Could you please reproduce the entries exactly, leaving out any pictures?

+++ Input records

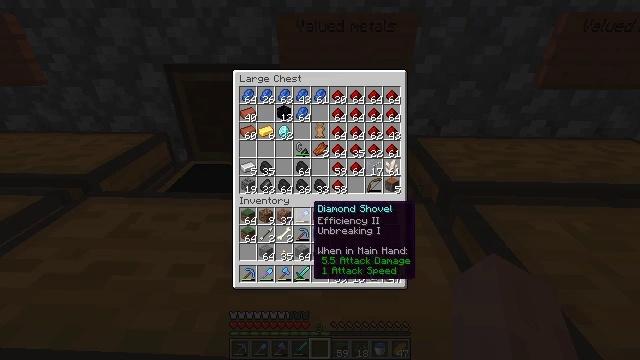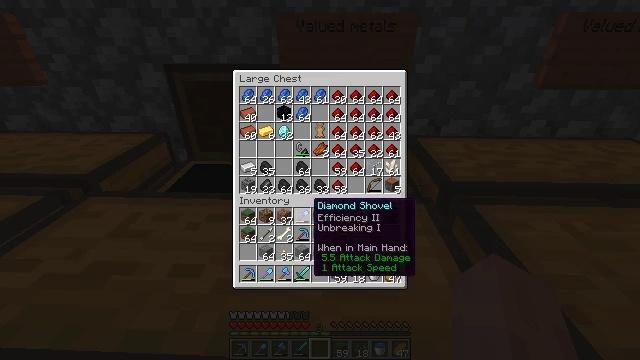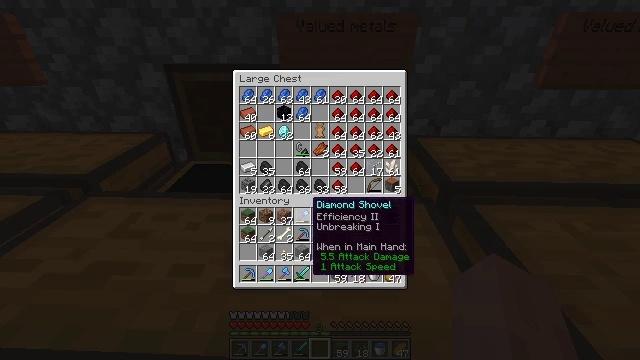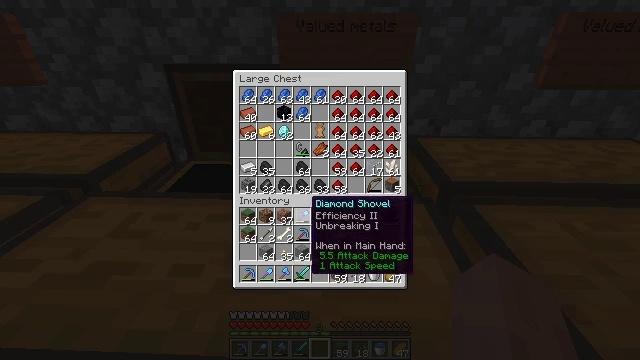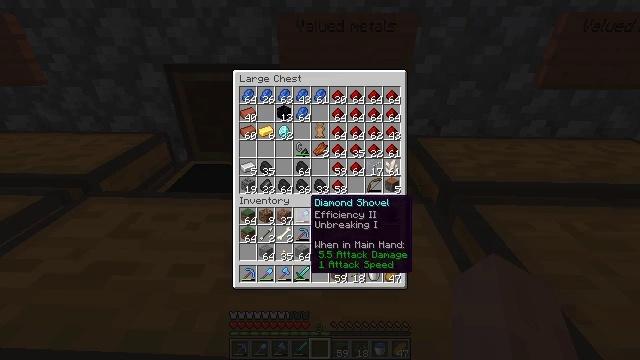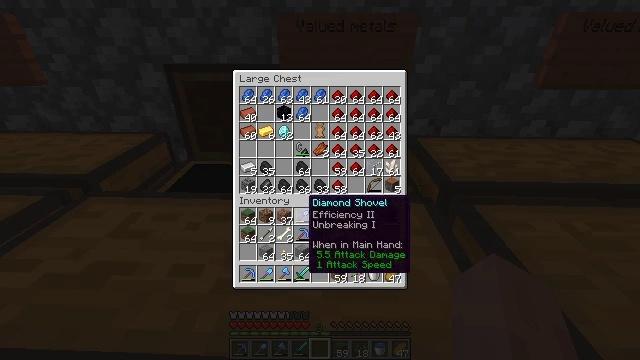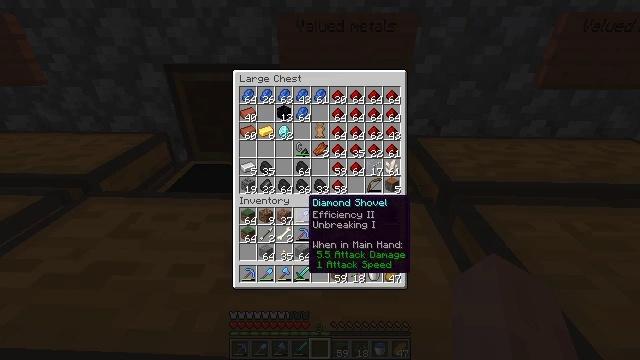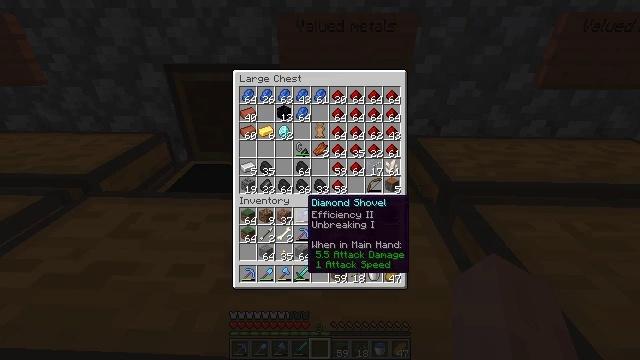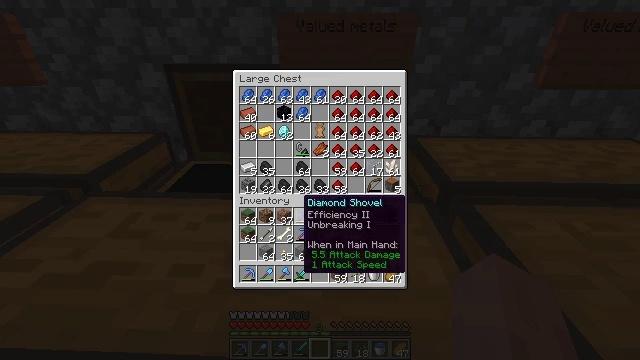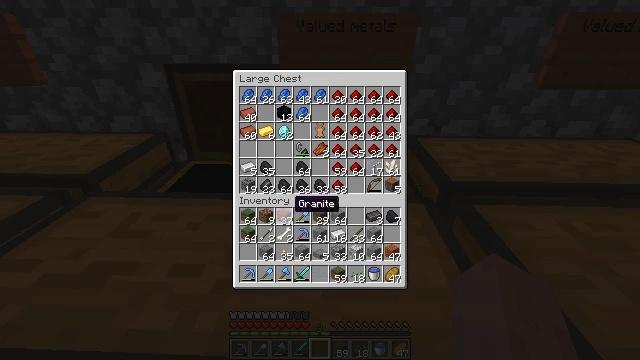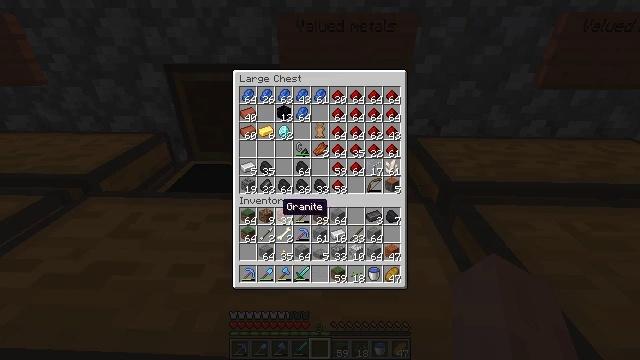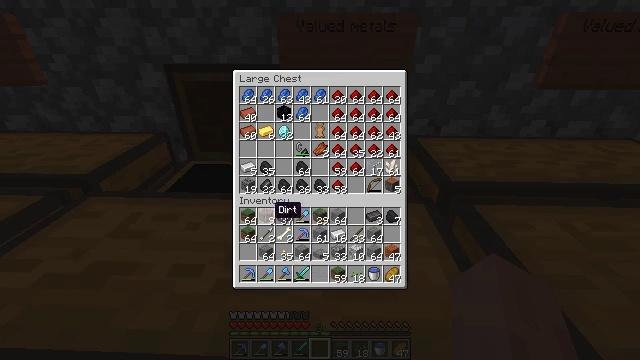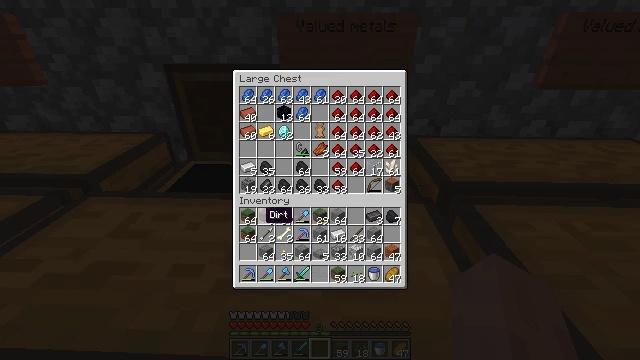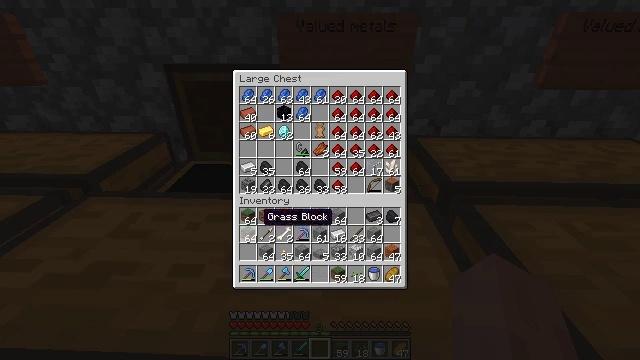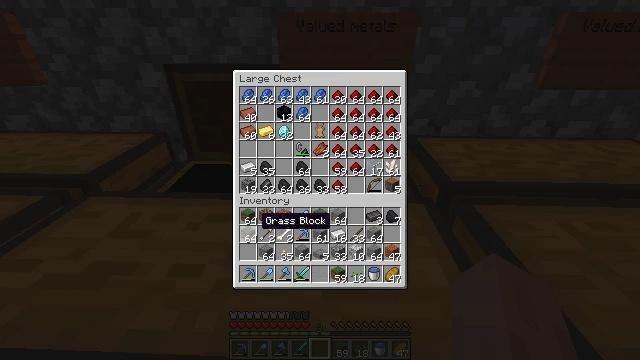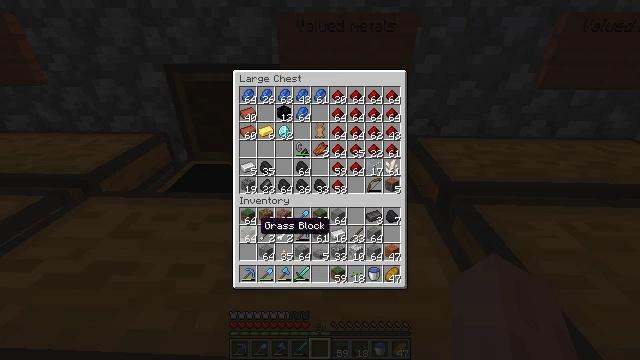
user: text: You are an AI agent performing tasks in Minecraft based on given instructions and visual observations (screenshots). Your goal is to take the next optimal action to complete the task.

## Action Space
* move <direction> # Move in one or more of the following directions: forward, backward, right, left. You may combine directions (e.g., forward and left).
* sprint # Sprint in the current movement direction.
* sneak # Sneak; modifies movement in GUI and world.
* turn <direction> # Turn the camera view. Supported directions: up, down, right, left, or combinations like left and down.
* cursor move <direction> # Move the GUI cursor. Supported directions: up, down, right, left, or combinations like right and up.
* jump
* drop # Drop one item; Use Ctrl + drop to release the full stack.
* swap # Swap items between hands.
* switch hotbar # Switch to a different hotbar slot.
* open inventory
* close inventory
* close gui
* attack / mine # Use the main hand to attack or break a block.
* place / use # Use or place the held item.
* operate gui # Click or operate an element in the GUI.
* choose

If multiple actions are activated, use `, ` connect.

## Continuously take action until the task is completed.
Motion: motion action
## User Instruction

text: Drop a grass block.
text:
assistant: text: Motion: no_op
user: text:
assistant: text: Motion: no_op
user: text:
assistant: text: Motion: no_op
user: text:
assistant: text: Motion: no_op
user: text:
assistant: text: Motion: no_op
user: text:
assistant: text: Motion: no_op
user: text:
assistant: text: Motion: no_op
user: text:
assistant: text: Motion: no_op
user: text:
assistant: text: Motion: cursor move left
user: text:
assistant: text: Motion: cursor move left
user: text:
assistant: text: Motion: cursor move left
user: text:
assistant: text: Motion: cursor move left
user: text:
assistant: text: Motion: no_op
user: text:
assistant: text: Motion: no_op
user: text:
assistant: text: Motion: no_op
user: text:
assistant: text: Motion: cursor move down
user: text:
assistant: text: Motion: cursor move down
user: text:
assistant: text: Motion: no_op
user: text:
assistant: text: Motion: no_op
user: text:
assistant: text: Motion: no_op
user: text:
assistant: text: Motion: no_op
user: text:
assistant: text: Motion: no_op
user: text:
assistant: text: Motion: cursor move right
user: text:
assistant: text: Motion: no_op
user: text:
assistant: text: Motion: no_op
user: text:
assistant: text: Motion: cursor move right
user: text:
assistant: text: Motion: no_op
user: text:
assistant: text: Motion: no_op
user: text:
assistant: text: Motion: no_op
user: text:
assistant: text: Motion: no_op

++++++

> Exercise solution:
user: text: You are an AI agent performing tasks in Minecraft based on given instructions and visual observations (screenshots). Your goal is to take the next optimal action to complete the task.

## Action Space
* move <direction> # Move in one or more of the following directions: forward, backward, right, left. You may combine directions (e.g., forward and left).
* sprint # Sprint in the current movement direction.
* sneak # Sneak; modifies movement in GUI and world.
* turn <direction> # Turn the camera view. Supported directions: up, down, right, left, or combinations like left and down.
* cursor move <direction> # Move the GUI cursor. Supported directions: up, down, right, left, or combinations like right and up.
* jump
* drop # Drop one item; Use Ctrl + drop to release the full stack.
* swap # Swap items between hands.
* switch hotbar # Switch to a different hotbar slot.
* open inventory
* close inventory
* close gui
* attack / mine # Use the main hand to attack or break a block.
* place / use # Use or place the held item.
* operate gui # Click or operate an element in the GUI.
* choose

If multiple actions are activated, use `, ` connect.

## Continuously take action until the task is completed.
Motion: motion action
## User Instruction

text: Drop a grass block.
text:
assistant: text: Motion: no_op
user: text:
assistant: text: Motion: no_op
user: text:
assistant: text: Motion: no_op
user: text:
assistant: text: Motion: no_op
user: text:
assistant: text: Motion: no_op
user: text:
assistant: text: Motion: no_op
user: text:
assistant: text: Motion: no_op
user: text:
assistant: text: Motion: no_op
user: text:
assistant: text: Motion: cursor move left
user: text:
assistant: text: Motion: cursor move left
user: text:
assistant: text: Motion: cursor move left
user: text:
assistant: text: Motion: cursor move left
user: text:
assistant: text: Motion: no_op
user: text:
assistant: text: Motion: no_op
user: text:
assistant: text: Motion: no_op
user: text:
assistant: text: Motion: cursor move down
user: text:
assistant: text: Motion: cursor move down
user: text:
assistant: text: Motion: no_op
user: text:
assistant: text: Motion: no_op
user: text:
assistant: text: Motion: no_op
user: text:
assistant: text: Motion: no_op
user: text:
assistant: text: Motion: no_op
user: text:
assistant: text: Motion: cursor move right
user: text:
assistant: text: Motion: no_op
user: text:
assistant: text: Motion: no_op
user: text:
assistant: text: Motion: cursor move right
user: text:
assistant: text: Motion: no_op
user: text:
assistant: text: Motion: no_op
user: text:
assistant: text: Motion: no_op
user: text:
assistant: text: Motion: no_op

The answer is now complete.